→ **Task requirements**
Every entry below is to be copied exactly, with nothing left out.

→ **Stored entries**
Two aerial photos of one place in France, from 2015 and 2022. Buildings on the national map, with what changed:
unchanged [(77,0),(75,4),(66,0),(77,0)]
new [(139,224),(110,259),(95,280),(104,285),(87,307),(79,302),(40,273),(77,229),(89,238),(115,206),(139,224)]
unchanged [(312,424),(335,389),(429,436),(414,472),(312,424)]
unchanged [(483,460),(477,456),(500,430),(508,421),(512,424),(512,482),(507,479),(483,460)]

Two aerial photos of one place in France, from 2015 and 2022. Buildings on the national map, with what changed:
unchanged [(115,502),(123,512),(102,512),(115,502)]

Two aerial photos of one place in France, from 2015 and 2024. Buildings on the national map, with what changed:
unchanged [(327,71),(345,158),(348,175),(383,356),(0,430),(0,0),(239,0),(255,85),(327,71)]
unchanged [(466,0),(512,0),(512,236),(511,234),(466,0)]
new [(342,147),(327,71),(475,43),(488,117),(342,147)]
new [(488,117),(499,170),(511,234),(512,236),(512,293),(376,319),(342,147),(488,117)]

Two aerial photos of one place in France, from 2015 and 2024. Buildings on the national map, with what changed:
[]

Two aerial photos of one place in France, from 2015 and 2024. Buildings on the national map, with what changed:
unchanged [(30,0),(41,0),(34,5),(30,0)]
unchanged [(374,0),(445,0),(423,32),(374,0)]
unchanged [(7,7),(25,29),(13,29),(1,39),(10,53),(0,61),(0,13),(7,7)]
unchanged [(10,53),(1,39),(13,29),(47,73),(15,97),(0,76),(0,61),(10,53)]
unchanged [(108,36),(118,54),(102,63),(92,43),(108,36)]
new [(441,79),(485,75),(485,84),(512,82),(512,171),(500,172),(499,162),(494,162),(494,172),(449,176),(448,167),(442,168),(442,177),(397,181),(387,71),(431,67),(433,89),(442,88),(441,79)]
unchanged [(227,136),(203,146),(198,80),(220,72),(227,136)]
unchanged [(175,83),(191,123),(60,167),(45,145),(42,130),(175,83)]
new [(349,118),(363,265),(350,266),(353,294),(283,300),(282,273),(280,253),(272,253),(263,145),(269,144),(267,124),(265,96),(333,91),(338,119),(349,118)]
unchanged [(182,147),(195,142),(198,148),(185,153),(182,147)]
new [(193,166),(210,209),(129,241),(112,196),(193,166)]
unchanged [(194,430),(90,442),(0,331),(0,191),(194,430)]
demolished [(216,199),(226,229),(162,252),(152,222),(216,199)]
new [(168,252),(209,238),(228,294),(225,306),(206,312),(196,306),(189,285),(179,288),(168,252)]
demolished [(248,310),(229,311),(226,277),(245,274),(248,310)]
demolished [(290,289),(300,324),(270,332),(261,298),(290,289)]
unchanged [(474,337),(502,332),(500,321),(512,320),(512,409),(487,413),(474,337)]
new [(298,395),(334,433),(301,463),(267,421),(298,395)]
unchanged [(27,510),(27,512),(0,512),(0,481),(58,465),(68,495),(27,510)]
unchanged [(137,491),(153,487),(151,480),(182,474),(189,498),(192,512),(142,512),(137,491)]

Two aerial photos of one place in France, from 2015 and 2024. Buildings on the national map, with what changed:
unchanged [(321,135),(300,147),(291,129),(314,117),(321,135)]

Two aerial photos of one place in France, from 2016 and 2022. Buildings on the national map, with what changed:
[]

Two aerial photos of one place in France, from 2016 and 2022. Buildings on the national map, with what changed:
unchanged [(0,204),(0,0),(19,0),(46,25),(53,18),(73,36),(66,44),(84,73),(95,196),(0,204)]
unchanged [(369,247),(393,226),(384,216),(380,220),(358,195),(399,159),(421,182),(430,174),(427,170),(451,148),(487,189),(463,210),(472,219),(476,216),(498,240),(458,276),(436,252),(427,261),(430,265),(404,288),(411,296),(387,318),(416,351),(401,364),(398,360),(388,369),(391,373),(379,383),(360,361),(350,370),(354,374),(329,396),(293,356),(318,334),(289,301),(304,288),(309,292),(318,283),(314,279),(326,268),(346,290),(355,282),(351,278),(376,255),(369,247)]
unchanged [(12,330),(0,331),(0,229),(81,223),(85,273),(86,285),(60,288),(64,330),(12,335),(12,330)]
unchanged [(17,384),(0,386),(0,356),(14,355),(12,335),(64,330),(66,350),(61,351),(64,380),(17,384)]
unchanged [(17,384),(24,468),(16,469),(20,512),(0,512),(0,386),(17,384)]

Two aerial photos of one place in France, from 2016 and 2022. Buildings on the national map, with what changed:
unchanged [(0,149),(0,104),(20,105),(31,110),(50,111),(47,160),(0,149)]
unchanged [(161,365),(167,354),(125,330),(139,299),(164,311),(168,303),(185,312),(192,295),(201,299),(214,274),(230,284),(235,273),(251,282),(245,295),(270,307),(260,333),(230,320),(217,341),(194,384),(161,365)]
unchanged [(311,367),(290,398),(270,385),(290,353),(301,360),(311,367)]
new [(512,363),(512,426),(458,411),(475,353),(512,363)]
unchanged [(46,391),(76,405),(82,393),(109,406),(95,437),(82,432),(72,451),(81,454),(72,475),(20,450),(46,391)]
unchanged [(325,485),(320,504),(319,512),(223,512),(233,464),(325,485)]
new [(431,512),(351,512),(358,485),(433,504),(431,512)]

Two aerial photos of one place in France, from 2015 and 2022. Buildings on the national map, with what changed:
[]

→ **Exercise response**
Two aerial photos of one place in France, from 2015 and 2022. Buildings on the national map, with what changed:
unchanged [(77,0),(75,4),(66,0),(77,0)]
new [(139,224),(110,259),(95,280),(104,285),(87,307),(79,302),(40,273),(77,229),(89,238),(115,206),(139,224)]
unchanged [(312,424),(335,389),(429,436),(414,472),(312,424)]
unchanged [(483,460),(477,456),(500,430),(508,421),(512,424),(512,482),(507,479),(483,460)]

Two aerial photos of one place in France, from 2015 and 2022. Buildings on the national map, with what changed:
unchanged [(115,502),(123,512),(102,512),(115,502)]

Two aerial photos of one place in France, from 2015 and 2024. Buildings on the national map, with what changed:
unchanged [(327,71),(345,158),(348,175),(383,356),(0,430),(0,0),(239,0),(255,85),(327,71)]
unchanged [(466,0),(512,0),(512,236),(511,234),(466,0)]
new [(342,147),(327,71),(475,43),(488,117),(342,147)]
new [(488,117),(499,170),(511,234),(512,236),(512,293),(376,319),(342,147),(488,117)]

Two aerial photos of one place in France, from 2015 and 2024. Buildings on the national map, with what changed:
[]

Two aerial photos of one place in France, from 2015 and 2024. Buildings on the national map, with what changed:
unchanged [(30,0),(41,0),(34,5),(30,0)]
unchanged [(374,0),(445,0),(423,32),(374,0)]
unchanged [(7,7),(25,29),(13,29),(1,39),(10,53),(0,61),(0,13),(7,7)]
unchanged [(10,53),(1,39),(13,29),(47,73),(15,97),(0,76),(0,61),(10,53)]
unchanged [(108,36),(118,54),(102,63),(92,43),(108,36)]
new [(441,79),(485,75),(485,84),(512,82),(512,171),(500,172),(499,162),(494,162),(494,172),(449,176),(448,167),(442,168),(442,177),(397,181),(387,71),(431,67),(433,89),(442,88),(441,79)]
unchanged [(227,136),(203,146),(198,80),(220,72),(227,136)]
unchanged [(175,83),(191,123),(60,167),(45,145),(42,130),(175,83)]
new [(349,118),(363,265),(350,266),(353,294),(283,300),(282,273),(280,253),(272,253),(263,145),(269,144),(267,124),(265,96),(333,91),(338,119),(349,118)]
unchanged [(182,147),(195,142),(198,148),(185,153),(182,147)]
new [(193,166),(210,209),(129,241),(112,196),(193,166)]
unchanged [(194,430),(90,442),(0,331),(0,191),(194,430)]
demolished [(216,199),(226,229),(162,252),(152,222),(216,199)]
new [(168,252),(209,238),(228,294),(225,306),(206,312),(196,306),(189,285),(179,288),(168,252)]
demolished [(248,310),(229,311),(226,277),(245,274),(248,310)]
demolished [(290,289),(300,324),(270,332),(261,298),(290,289)]
unchanged [(474,337),(502,332),(500,321),(512,320),(512,409),(487,413),(474,337)]
new [(298,395),(334,433),(301,463),(267,421),(298,395)]
unchanged [(27,510),(27,512),(0,512),(0,481),(58,465),(68,495),(27,510)]
unchanged [(137,491),(153,487),(151,480),(182,474),(189,498),(192,512),(142,512),(137,491)]

Two aerial photos of one place in France, from 2015 and 2024. Buildings on the national map, with what changed:
unchanged [(321,135),(300,147),(291,129),(314,117),(321,135)]

Two aerial photos of one place in France, from 2016 and 2022. Buildings on the national map, with what changed:
[]

Two aerial photos of one place in France, from 2016 and 2022. Buildings on the national map, with what changed:
unchanged [(0,204),(0,0),(19,0),(46,25),(53,18),(73,36),(66,44),(84,73),(95,196),(0,204)]
unchanged [(369,247),(393,226),(384,216),(380,220),(358,195),(399,159),(421,182),(430,174),(427,170),(451,148),(487,189),(463,210),(472,219),(476,216),(498,240),(458,276),(436,252),(427,261),(430,265),(404,288),(411,296),(387,318),(416,351),(401,364),(398,360),(388,369),(391,373),(379,383),(360,361),(350,370),(354,374),(329,396),(293,356),(318,334),(289,301),(304,288),(309,292),(318,283),(314,279),(326,268),(346,290),(355,282),(351,278),(376,255),(369,247)]
unchanged [(12,330),(0,331),(0,229),(81,223),(85,273),(86,285),(60,288),(64,330),(12,335),(12,330)]
unchanged [(17,384),(0,386),(0,356),(14,355),(12,335),(64,330),(66,350),(61,351),(64,380),(17,384)]
unchanged [(17,384),(24,468),(16,469),(20,512),(0,512),(0,386),(17,384)]

Two aerial photos of one place in France, from 2016 and 2022. Buildings on the national map, with what changed:
unchanged [(0,149),(0,104),(20,105),(31,110),(50,111),(47,160),(0,149)]
unchanged [(161,365),(167,354),(125,330),(139,299),(164,311),(168,303),(185,312),(192,295),(201,299),(214,274),(230,284),(235,273),(251,282),(245,295),(270,307),(260,333),(230,320),(217,341),(194,384),(161,365)]
unchanged [(311,367),(290,398),(270,385),(290,353),(301,360),(311,367)]
new [(512,363),(512,426),(458,411),(475,353),(512,363)]
unchanged [(46,391),(76,405),(82,393),(109,406),(95,437),(82,432),(72,451),(81,454),(72,475),(20,450),(46,391)]
unchanged [(325,485),(320,504),(319,512),(223,512),(233,464),(325,485)]
new [(431,512),(351,512),(358,485),(433,504),(431,512)]

Two aerial photos of one place in France, from 2015 and 2022. Buildings on the national map, with what changed:
[]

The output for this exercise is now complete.